Bibliographic record
Abstract
Abstract Medical expenses have been associated with a large proportion of consumer bankruptcies in the United States. The objective of this study is to examine the relationship between the Medicaid expansion implemented in the context of the Affordable Care Act and consumer bankruptcy, overall and by chapter filing. We used a longitudinal study design with a study period of 2008–2017. We tested three approaches: difference‐in‐differences, fixed effect panel linear regression, and triple difference.
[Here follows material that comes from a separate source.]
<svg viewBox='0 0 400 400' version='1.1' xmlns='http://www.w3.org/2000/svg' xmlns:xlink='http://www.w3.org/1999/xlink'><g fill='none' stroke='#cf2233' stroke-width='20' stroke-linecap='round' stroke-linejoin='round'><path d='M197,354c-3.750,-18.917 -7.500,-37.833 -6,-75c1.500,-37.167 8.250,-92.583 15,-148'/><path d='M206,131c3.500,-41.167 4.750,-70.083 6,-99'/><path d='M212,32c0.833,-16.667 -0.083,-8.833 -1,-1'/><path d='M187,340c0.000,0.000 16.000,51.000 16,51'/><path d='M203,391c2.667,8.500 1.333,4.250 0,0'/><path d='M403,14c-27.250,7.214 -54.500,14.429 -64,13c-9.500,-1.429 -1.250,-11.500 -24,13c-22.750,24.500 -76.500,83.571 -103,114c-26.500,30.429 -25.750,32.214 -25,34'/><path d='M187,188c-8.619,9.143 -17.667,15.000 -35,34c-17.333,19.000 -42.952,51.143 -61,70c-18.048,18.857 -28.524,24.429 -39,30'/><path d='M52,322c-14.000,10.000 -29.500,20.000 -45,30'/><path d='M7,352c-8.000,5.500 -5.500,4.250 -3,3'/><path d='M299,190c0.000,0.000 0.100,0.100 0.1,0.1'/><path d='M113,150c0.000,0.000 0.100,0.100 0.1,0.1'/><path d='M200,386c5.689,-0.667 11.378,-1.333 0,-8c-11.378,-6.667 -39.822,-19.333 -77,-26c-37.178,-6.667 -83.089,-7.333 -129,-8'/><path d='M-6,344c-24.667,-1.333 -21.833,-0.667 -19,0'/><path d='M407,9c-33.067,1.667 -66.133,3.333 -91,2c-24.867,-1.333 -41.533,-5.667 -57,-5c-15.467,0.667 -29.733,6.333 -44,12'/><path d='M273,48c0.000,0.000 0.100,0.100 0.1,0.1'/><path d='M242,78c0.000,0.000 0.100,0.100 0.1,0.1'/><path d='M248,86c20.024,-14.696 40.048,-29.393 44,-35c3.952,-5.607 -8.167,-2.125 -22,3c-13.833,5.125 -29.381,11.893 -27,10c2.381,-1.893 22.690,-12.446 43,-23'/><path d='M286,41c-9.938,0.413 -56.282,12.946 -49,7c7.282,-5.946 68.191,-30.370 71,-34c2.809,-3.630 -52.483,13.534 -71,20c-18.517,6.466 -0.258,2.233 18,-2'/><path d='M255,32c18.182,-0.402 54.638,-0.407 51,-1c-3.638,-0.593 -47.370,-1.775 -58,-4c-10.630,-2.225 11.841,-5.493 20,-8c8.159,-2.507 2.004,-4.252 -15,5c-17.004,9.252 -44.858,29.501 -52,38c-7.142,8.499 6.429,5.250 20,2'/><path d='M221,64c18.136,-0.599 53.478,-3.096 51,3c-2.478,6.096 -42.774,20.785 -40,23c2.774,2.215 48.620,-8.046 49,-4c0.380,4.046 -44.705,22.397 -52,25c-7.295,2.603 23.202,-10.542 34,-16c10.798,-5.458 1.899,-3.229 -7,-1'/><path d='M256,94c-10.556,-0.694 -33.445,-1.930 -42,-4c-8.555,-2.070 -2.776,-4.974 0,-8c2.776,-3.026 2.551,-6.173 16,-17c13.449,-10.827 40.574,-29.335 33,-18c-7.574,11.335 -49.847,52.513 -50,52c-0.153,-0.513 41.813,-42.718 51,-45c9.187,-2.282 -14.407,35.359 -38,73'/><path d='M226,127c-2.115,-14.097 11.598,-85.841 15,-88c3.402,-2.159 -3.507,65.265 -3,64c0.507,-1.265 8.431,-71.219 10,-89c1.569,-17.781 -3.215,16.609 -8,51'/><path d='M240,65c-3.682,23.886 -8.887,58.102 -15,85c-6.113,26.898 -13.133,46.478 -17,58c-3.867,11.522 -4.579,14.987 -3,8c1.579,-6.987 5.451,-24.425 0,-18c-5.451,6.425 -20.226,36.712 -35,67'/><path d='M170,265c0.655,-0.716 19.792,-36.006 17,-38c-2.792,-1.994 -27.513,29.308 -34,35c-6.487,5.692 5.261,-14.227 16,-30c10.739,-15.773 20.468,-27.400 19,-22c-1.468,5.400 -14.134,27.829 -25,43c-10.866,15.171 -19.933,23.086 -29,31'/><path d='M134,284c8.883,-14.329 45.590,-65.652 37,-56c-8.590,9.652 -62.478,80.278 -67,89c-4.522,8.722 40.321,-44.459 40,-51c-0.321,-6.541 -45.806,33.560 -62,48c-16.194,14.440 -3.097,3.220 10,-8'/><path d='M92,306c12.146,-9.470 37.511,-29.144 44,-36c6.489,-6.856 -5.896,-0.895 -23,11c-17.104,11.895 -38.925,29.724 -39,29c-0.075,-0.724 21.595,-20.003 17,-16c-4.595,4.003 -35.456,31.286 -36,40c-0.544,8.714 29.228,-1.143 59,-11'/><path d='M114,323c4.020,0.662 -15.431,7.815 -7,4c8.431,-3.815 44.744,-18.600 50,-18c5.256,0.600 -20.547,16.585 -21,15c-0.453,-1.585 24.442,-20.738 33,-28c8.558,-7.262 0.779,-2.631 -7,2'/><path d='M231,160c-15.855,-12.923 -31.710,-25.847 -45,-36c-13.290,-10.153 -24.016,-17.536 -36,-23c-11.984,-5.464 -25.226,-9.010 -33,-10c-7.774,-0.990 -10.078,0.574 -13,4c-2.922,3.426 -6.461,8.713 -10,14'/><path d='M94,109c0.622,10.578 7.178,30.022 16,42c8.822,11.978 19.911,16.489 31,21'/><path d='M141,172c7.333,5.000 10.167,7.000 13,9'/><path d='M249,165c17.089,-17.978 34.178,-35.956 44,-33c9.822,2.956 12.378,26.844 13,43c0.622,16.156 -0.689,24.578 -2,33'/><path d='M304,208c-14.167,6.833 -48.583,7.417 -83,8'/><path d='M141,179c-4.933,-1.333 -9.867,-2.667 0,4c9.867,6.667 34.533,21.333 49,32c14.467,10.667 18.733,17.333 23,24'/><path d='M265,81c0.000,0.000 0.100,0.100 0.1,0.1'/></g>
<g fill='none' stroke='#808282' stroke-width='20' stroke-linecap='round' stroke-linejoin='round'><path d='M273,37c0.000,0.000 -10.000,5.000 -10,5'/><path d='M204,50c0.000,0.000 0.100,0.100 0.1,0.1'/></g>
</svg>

We constructed a panel dataset from 2008 to 2017 with states’ data using data from various sources on insurance, bankruptcy filings, and characteristics that may affect bankruptcy, such as income and ethnicity. The outcomes were the annual rates of consumer bankruptcies overall and by chapter at the state level. Between 2008 and 2017, the overall unadjusted bankruptcy filing rate fell from 0.36% to 0.24%. We found that the expansion was associated with a decrease in overall consumer bankruptcy varying between 0.035 and 0.039 percentage points and that the intensity of the effect was modulated by the intensity of the treatment. Results were consistent across models and suggest that the Medicaid expansion had a significant negative effect on overall bankruptcy filings and specifically on Chapter 7 filings.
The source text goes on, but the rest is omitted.